For all of these reasons, as well as those articulated in the previous section of this Order, Plaintiffs suit is not a “separate vehicle” to assert a claim for ERISA benefits like the suit in Cleghorn. It is not enough that the application of the statutory claim “relates to” a patient enrolled in an ERISA health plan. Such an argument for conflict preemption does not confer *1021federal jurisdiction and should be offered as a defense in state court. The Court therefore concludes that Plaintiffs cause of action for breach of statutory duties is not completely preempted by ERISA.

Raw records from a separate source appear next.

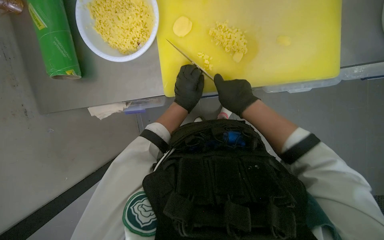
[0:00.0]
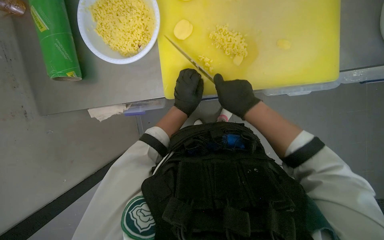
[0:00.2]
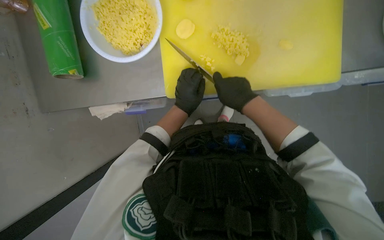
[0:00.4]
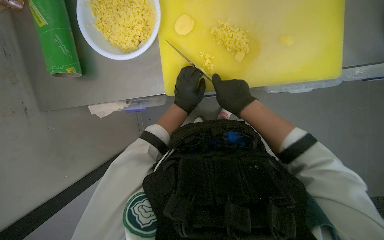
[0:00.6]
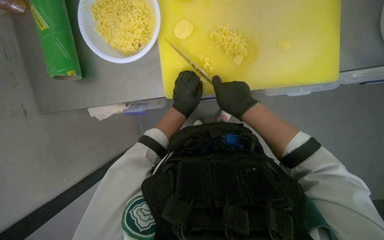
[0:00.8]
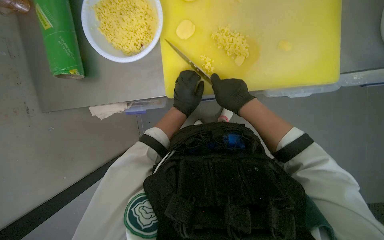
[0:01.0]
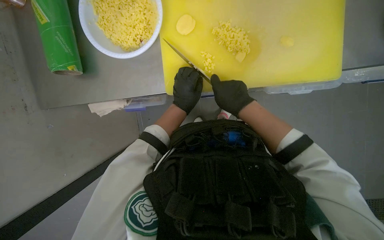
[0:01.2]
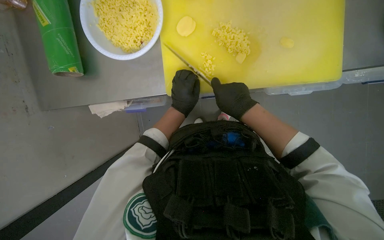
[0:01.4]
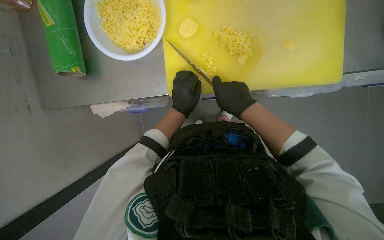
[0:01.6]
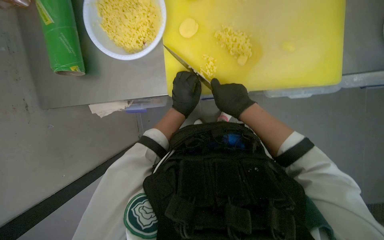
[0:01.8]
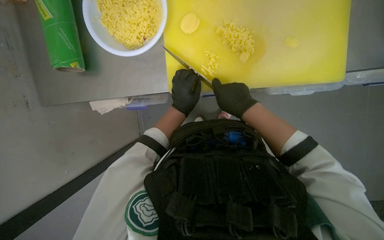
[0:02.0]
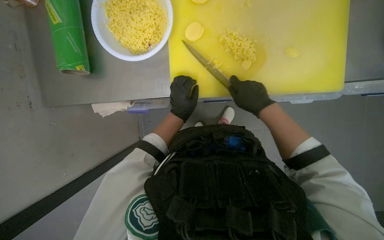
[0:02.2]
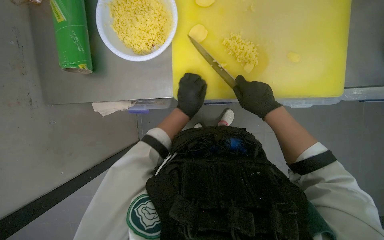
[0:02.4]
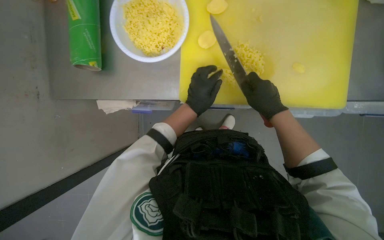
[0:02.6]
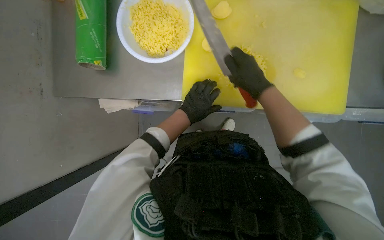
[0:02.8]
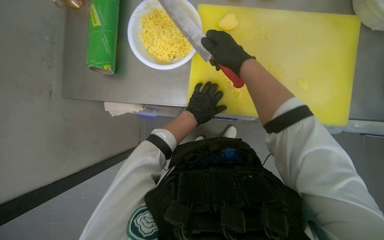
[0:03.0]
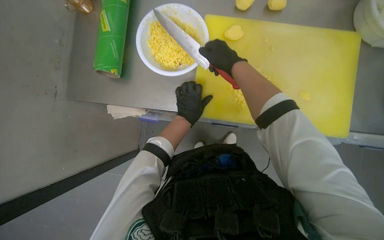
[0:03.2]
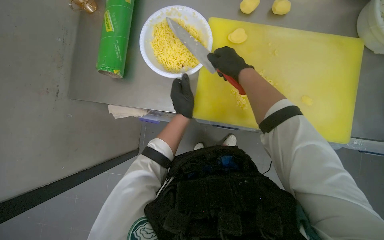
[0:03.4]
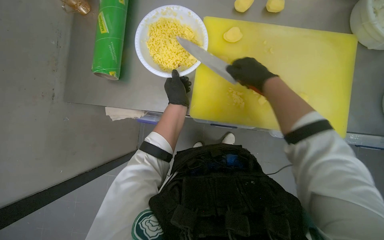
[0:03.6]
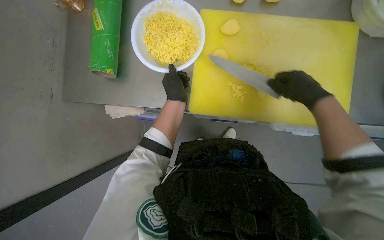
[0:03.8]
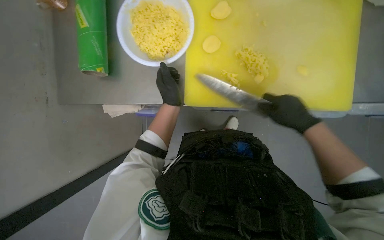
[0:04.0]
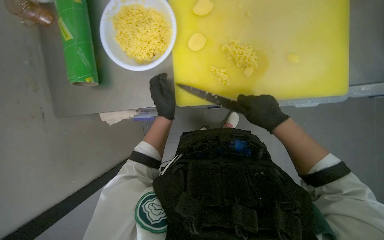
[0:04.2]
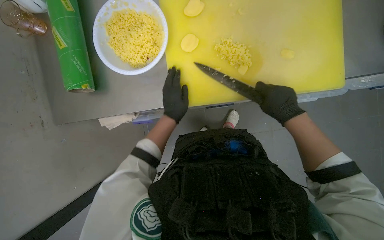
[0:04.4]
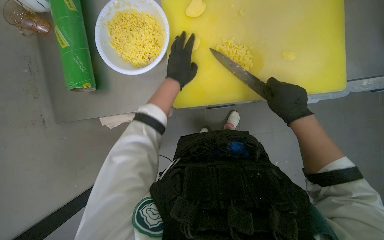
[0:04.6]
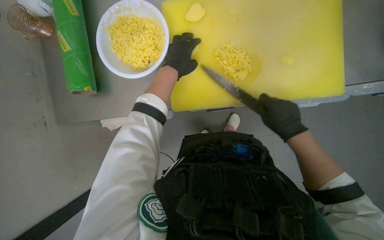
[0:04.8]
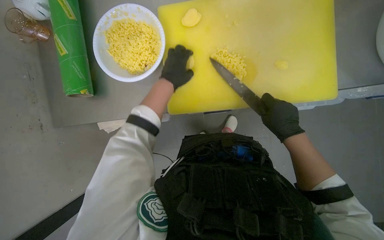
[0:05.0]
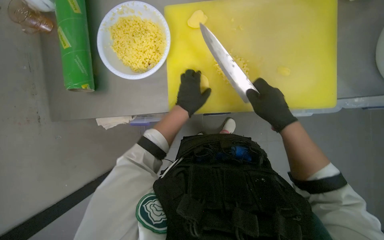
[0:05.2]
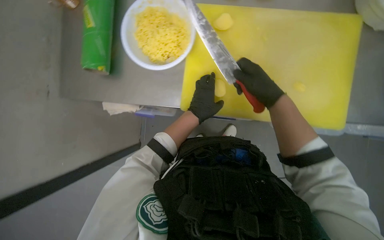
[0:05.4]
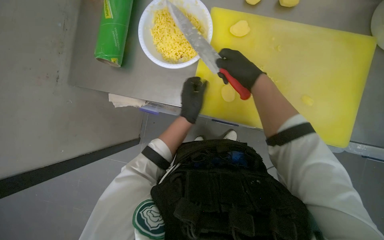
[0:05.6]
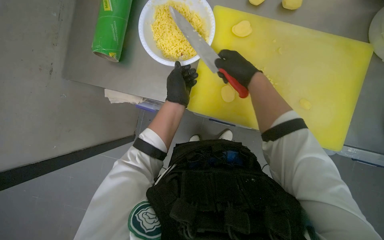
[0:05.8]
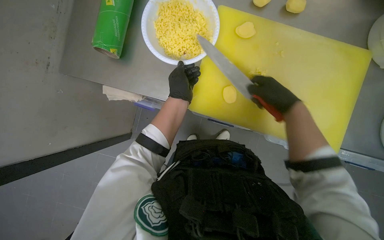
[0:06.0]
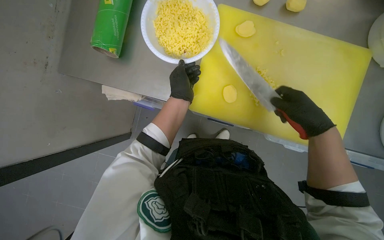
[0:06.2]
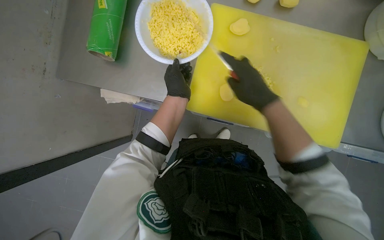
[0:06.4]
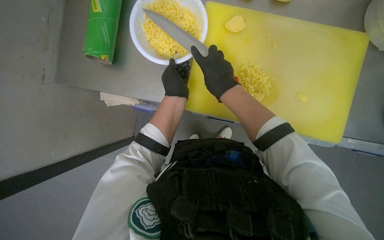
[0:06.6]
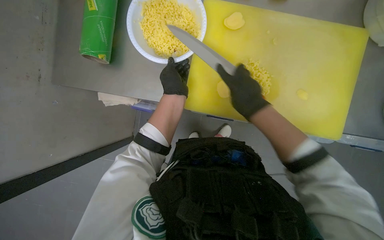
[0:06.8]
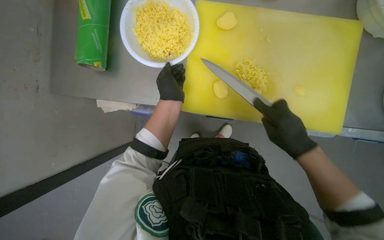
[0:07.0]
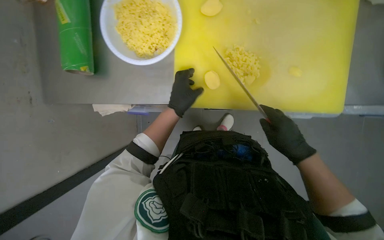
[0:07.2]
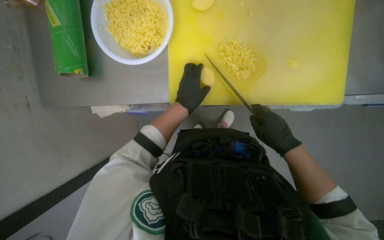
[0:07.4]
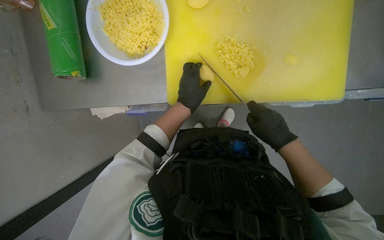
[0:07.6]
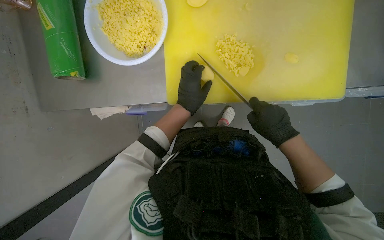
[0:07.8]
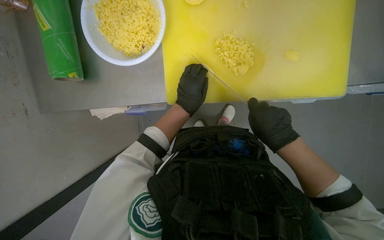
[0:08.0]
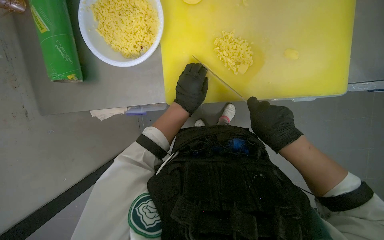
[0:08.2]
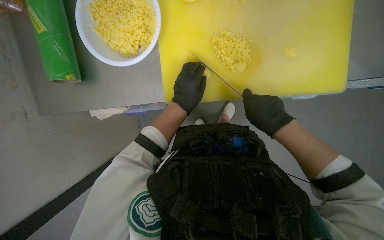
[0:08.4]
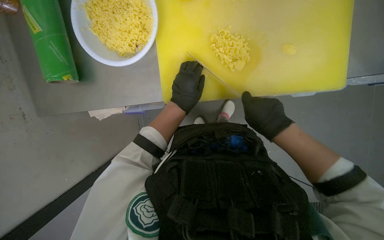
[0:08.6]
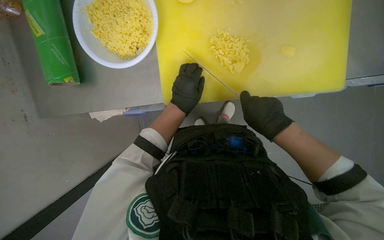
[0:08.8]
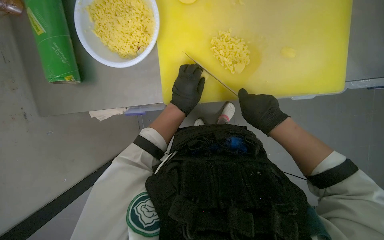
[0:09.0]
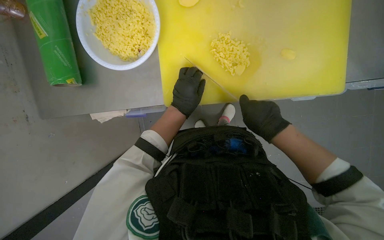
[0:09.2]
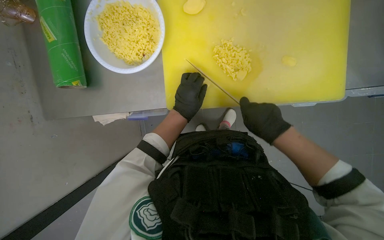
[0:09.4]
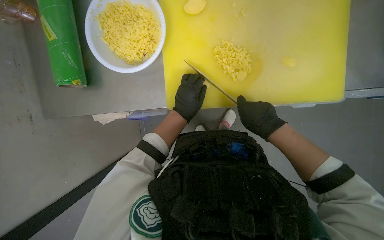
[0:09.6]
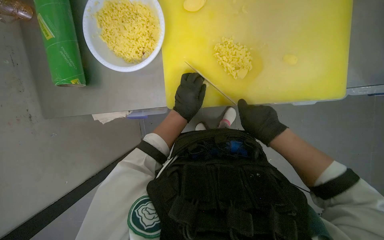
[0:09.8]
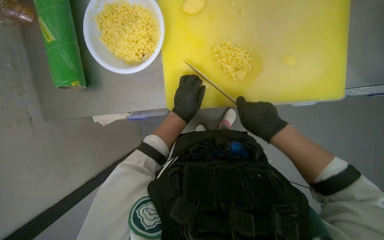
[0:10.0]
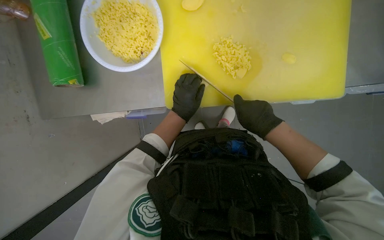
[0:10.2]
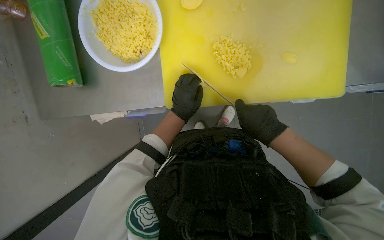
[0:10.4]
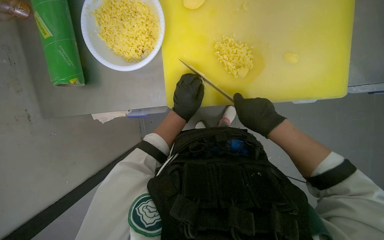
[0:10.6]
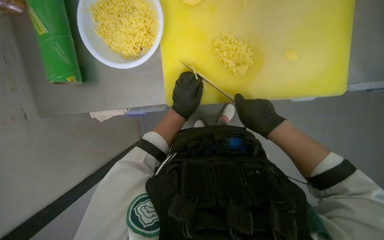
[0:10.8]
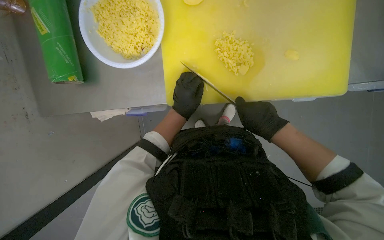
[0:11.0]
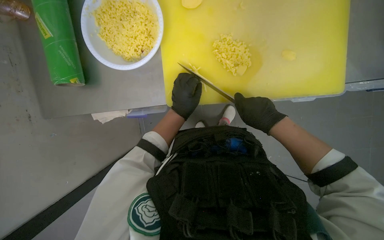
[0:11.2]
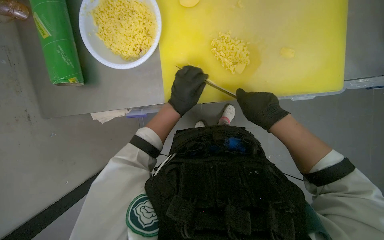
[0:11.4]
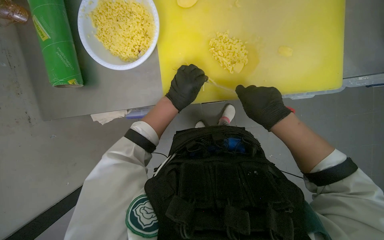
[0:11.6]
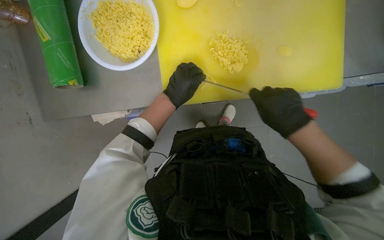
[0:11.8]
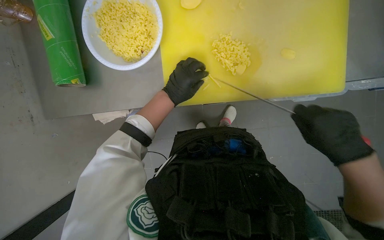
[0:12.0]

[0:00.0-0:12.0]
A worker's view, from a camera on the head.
Job: preparing food.
The whole recording: Slicing and dicing potatoes. The worker slices and dices potatoes on a yellow cutting board, then transfers them to a white bowl.
0:00.0 to 0:01.6: The hands work in one place, with small movements.
0:01.6 to 0:03.0: The right hand is displaced up the picture and nearer to the camera by roughly 20 cm.
0:03.0 to 0:04.4: The right hand moves down the picture and to the right, some 25 cm.
0:06.0 to 0:07.6: The right hand shifts approximately 20 cm down the picture, and travels to the left and back again, about 15 cm each way.
0:07.6 to 0:10.4: The hands stay close to where they were, moving slightly.
0:10.4 to 0:12.0: The right hand heads to the right, covering roughly 10 cm.

C. Related Ninth Circuit Precedent

Defendant in this case fails to adequately distinguish the Ninth Circuit precedent cited by Plaintiff. First, Ceders-Sinai Medical Center v. National League of Postmasters of the United States, 497 F.3d 972 (9th Cir.2007) supports the Court’s finding that Plaintiffs claims are not preempted. Defendant’s argument that Cedars-Sinai involves FEHBA instead of ERISA is of no consequence, as the Ninth Circuit has made clear that the two federal statutes have analytically similar preemption provisions. See, e.g., Botsford v. Blue Cross & Blue Shield of Mont., Inc., 314 F.3d 390, 393-94 (9th Cir.2002) (holding that FEHBA’s complete preemption provision closely resembles ERISA’s express preemption provision, and precedent interpreting the ERISA provision thus provides authority for cases involving the FEHBA provision). Consequently, the Ninth Circuit’s holding that a medical center’s state-law action against a plan administrator is not completely preempted where it was “suing as a third-party claiming damages, and not as an assignee of rights to benefits,” is dispositive. Ceders-Sinai Medical Center, 497 F.3d at 978-79.

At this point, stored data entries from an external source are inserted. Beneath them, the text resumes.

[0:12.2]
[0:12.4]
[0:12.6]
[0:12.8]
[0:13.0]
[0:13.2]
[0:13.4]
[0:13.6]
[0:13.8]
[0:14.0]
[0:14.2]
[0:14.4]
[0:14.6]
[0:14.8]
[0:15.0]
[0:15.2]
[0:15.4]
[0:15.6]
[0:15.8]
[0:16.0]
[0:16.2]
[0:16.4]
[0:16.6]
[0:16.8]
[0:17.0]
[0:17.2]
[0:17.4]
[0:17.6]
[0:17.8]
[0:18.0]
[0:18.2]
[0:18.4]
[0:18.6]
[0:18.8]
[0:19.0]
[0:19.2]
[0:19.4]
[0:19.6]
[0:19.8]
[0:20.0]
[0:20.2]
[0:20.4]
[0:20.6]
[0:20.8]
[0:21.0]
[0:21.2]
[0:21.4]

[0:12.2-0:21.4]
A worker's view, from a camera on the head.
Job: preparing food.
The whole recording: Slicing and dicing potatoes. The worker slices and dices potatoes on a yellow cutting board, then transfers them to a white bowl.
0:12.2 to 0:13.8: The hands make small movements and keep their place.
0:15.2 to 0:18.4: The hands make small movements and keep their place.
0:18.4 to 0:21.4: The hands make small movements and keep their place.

The Ninth Circuit’s decision in The Meadows v. Employers Health Ins., 47 F.3d 1006 (9th Cir.1995) also supports the Court’s decision. There, a medical services provider was permitted to pursue a state-law cause of action against an ERISA plan because the claims were pursued “not as an assignee of a purported ERISA beneficiary, but as an independent entity claiming damages.” Id. at 1008. Defendant failed to adequately distinguish this case, choosing instead to reiterate the Ninth Circuit’s reasoning. See Opp’n at 8. Certainly, the Court recognizes differences between The Meadows and the claims now asserted by Plaintiff. The alleged agreement in that case involved a phone call and a letter verifying the patient’s eligibility and coverage. Id. at 1007-08. Here, Plaintiff only asserts “authorization,” without more detail as to the substance or context of that authorization. Additionally, in The Meadows, neither the hospital nor the patient had any existing ties to an ERISA plan during the time period at issue, as the patient had terminated his employment with the employer that provided the ERISA plan. Id. at 1007. However, these differences are not determinative. Whether the independent legal duty upon which Plaintiff brings suit arose from a phone call or a letter is of no consequence for the question of preemption. And the patient’s enrollment status matters only for the application of California Health & Safety Code section 1371.4(b), which is not implicated by the holding in The Meadows. Absent a compelling reason not to do so, the court must rely on the holding in The Meadows and find a lack of complete preemption.

CONCLUSION

For the foregoing reasons, the Court finds that Plaintiff John Muir Health’s claims are not completely preempted by ERISA section 502(a)(1)(B). Because Plaintiffs claims are not completely preempted, the Court lacks federal jurisdiction over this matter and it is rightfully remanded to state court for further adjudication.

IT IS SO ORDERED.

. Plaintiffs recognition that the enrollee was not entitled to benefits is demonstrated in the Blue Cross appeals provided by Defendant, wherein Plaintiff acknowledges that the insured has failed to complete the necessary forms, and asks Blue Cross to deny and close the claim so that it could pursue other avenues of payment. See Opp’n, Ex. E (Docket No. 12).